Background technology
Carbon dioxide is a kind of resource of preciousness, can be widely used in multiple fields: the industry such as chemical synthesis industry, mechanical protection welding, metal casting processing, agricultural fertilizer, fruit and vegetable is fresh-keeping, beer beverage is filling, oil exploitation, fire-fighting fire extinguishing, medical and health all needs great amount of carbon dioxide.The source of China's carbon dioxide is very abundant, but because the measure of reclaiming carbon dioxide is unfavorable, the carbon dioxide of annual recycling also not enough discharge capacity 2%, nearly about 20,000,000,000 tons of carbon dioxide in air is discharged into every year in world wide, both the pollution of air had been caused, form fearful greenhouse effects, waste again valuable resource.
Developing rapidly in recent years along with industry, carbon dioxide consumption figure increases year by year and the production of carbon dioxide often limits by resource, and therefore carbon dioxide product is in the state that supply falls short of demand always.

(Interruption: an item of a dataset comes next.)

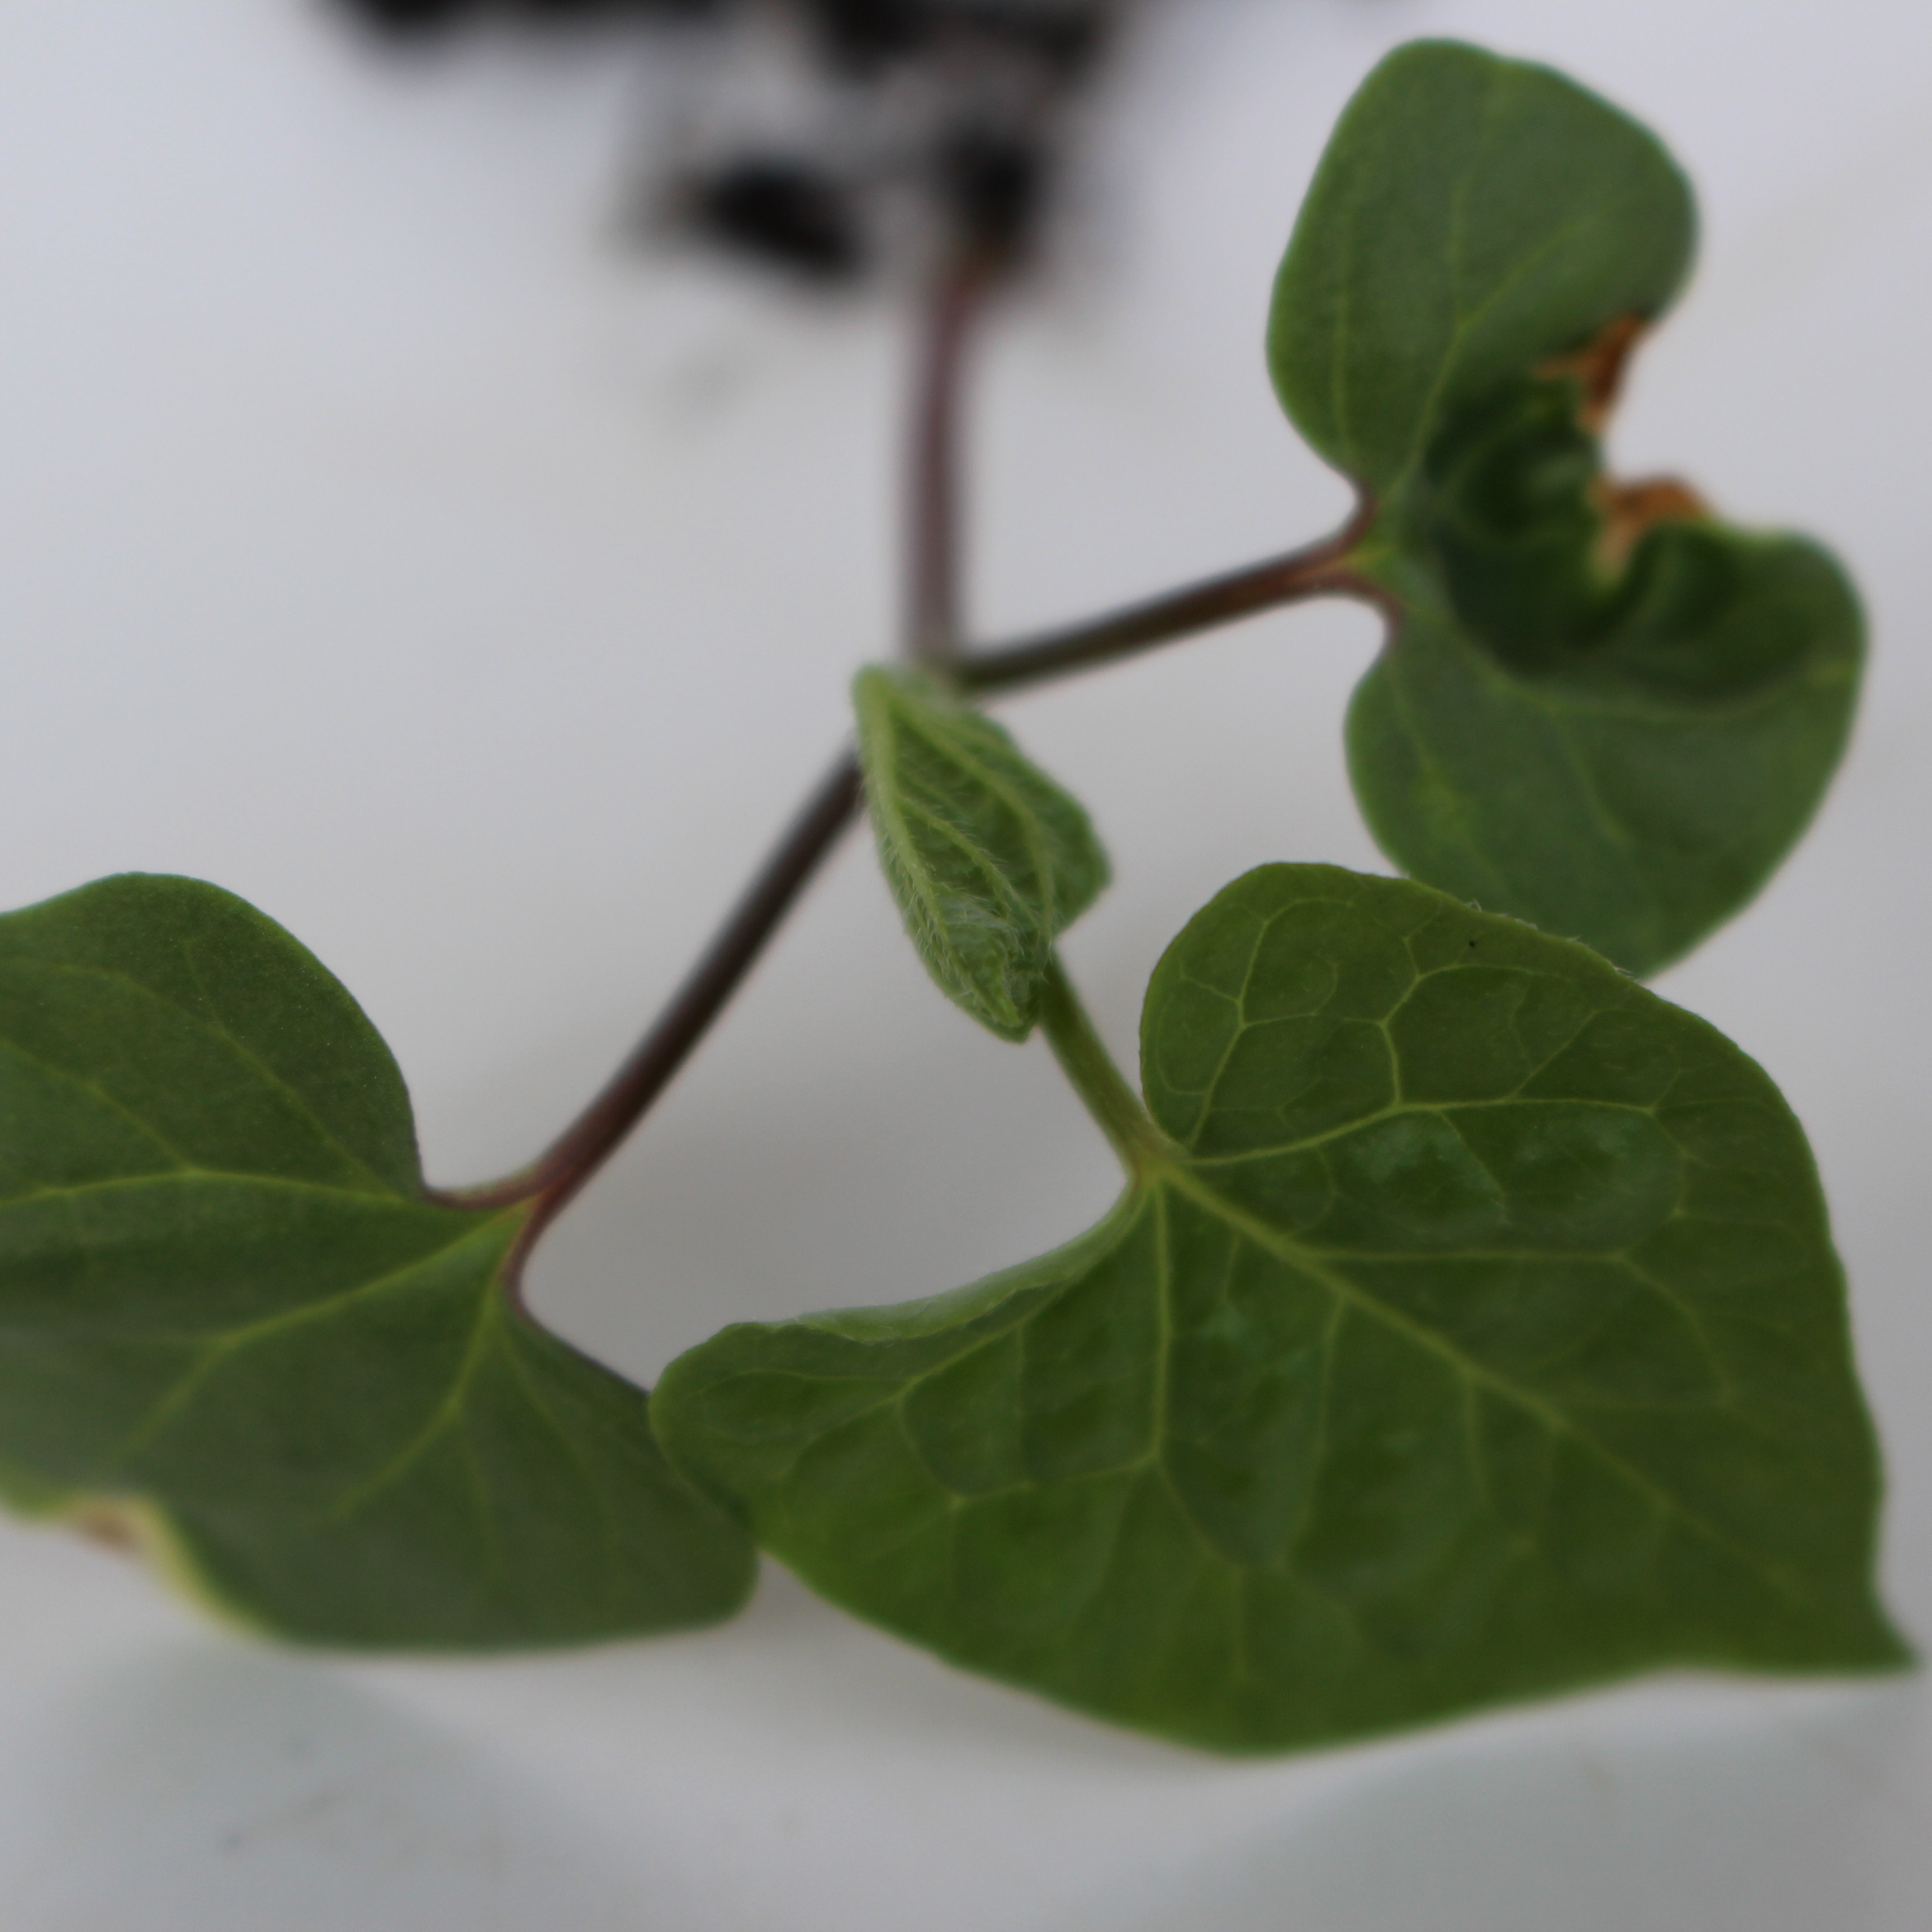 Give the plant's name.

Convolvulus arvensis

Ethylene prepares the carbon dioxide that in the production process of oxirane, by-product is a large amount of, makes full use of this part carbon resource, carries out refining purification, both decreased a large amount of pollution, and increased again the economic benefit of enterprise carbon dioxide.
But ethylene understands residual fraction ethene in carbon dioxide tail gas after preparing oxirane, cause carbon dioxide purification difficulty.

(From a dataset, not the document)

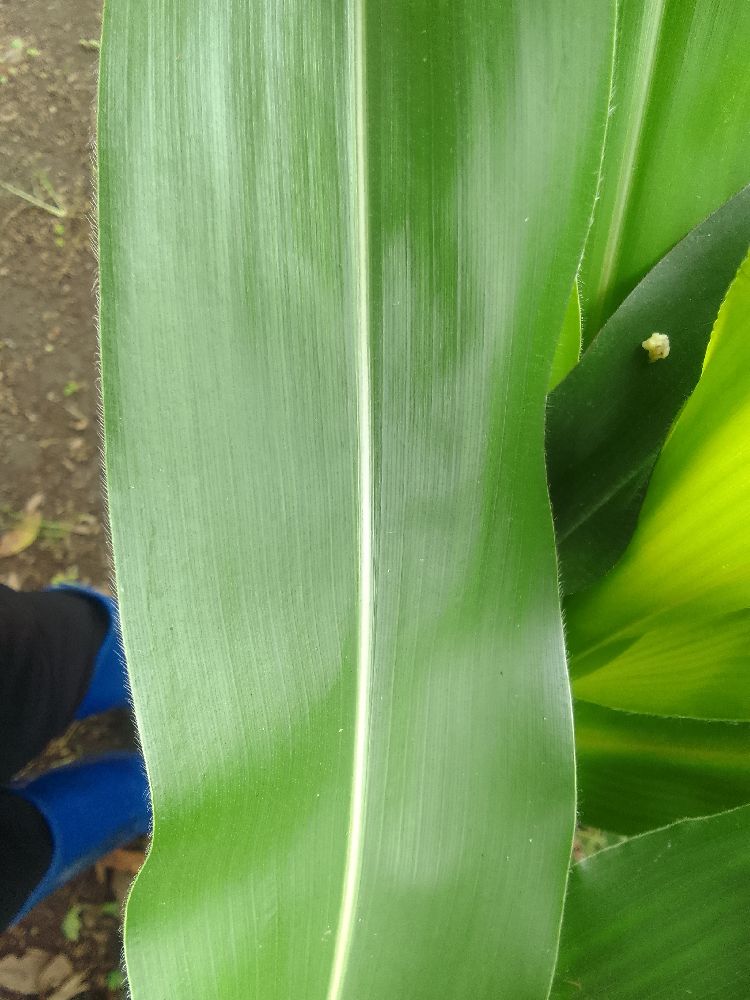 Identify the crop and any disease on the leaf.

maize, healthy
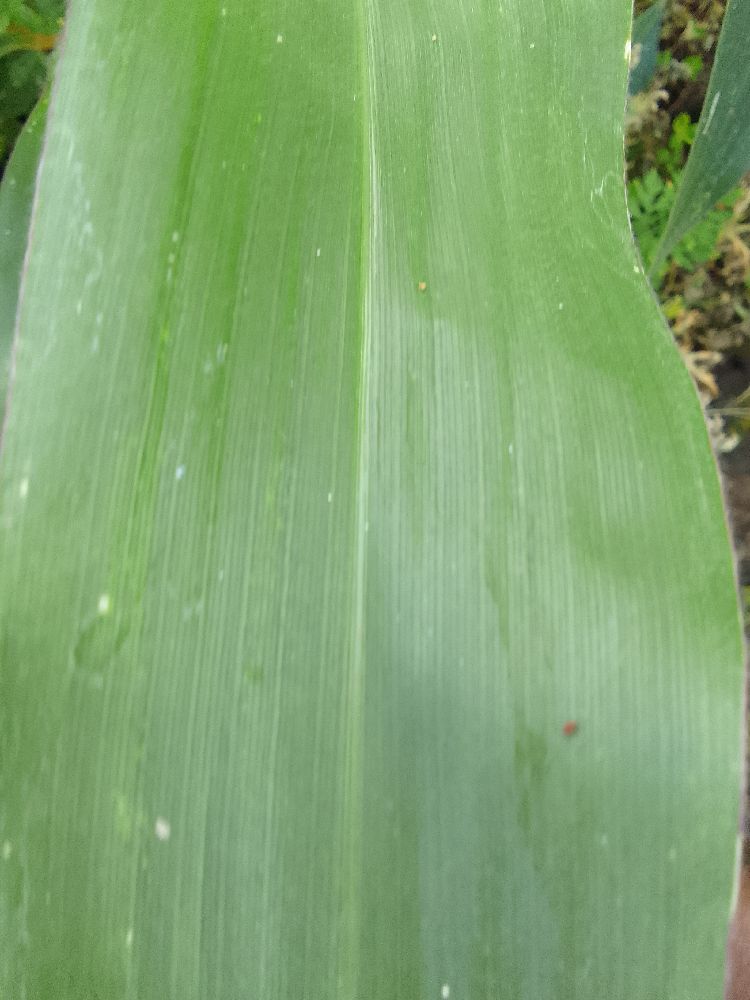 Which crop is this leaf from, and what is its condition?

maize, healthy

The separation of impurities in carbon dioxide gas in the past mainly adopts Production by Catalytic Combustion Process, under the effect of catalyst, the organic compound combustion in unstripped gas is generated water and carbon dioxide.First Production by Catalytic Combustion Process will build the device that a set of cryogenic air separation method produces liquid oxygen, pure oxygen is joined in the carbon dioxide having 96% purity, mixes with it, then all gas is heated to 350 DEG C, enter in catalytic burner, by excessive oxygen effect, a small amount of organic impurities is burnt.The all gas generated cools to about 20 DEG C again, enters supercharging in compressor after voltage stabilizing, through molecular sieve drying dehydration, and adsorption-edulcoration matter, then the excessive oxygen removing and add is entered in rectifying column through post liquefaction, can liquid carbon dioxide product be obtained at the bottom of tower.

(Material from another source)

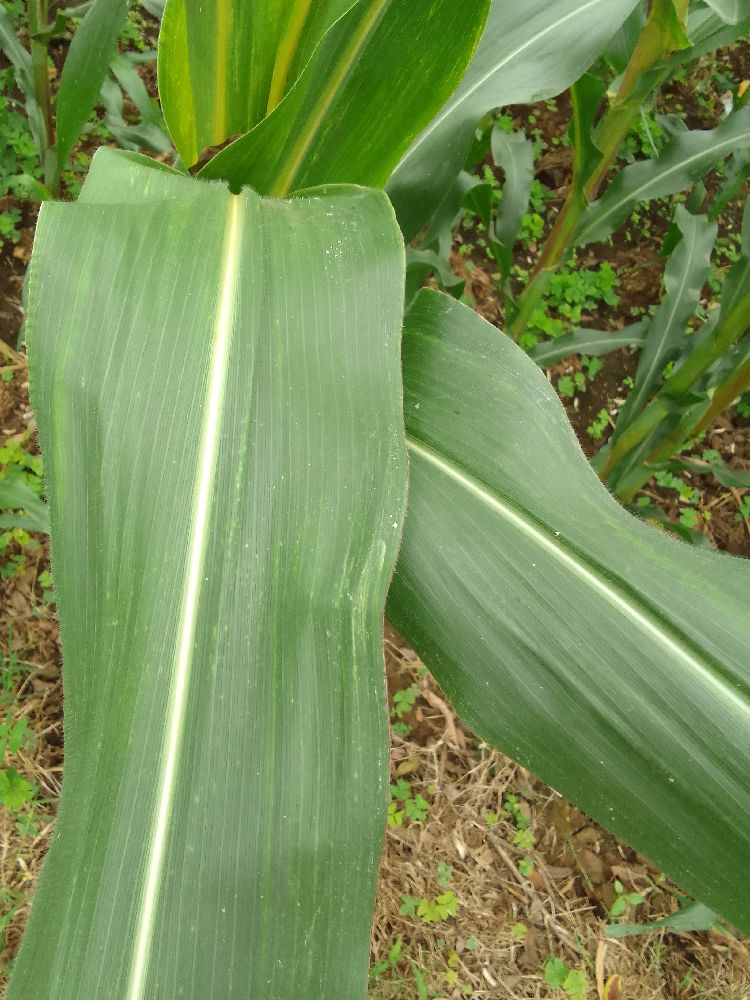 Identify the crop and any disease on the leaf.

maize, healthy

Production by Catalytic Combustion Process is a set of liquid oxygen production device and combustion heating cooling system than absorption distillation fado totally, and more complicated than absorption distillation method one times of flow process, bring the operation of air liquefaction and catalysis intensification temperature-fall period to bother manyfold than absorption distillation.In addition, the absorbed portion of absorption distillation method operates under normal temperature condition, and the liquid oxygen production system of Production by Catalytic Combustion Process air liquefaction, will will consume mass energy, and the production cost of absorption distillation method is lower.
But the purifier of absorption distillation method adopts molecular sieve to carry out purifying to foreign gas, and purification capacity is limited in the past.The structure of this patent to conventional purification device is changed, and adopts more effective purified material, enhances the adsorption capacity of ethene, and this purification system has good ethylene absorption performance, and purification degrees is high, and adsorbance is large, selective good.
Summary of the invention
Goal of the invention of the present invention is the shortcoming in order to overcome above-mentioned background technology, a kind of method utilizing solution to synthesize is provided to prepare zinc-oxide nano column array on substrate, and multiple substrate arrangement is formed purification system in purifier, then remove the method for ethene in carbon dioxide.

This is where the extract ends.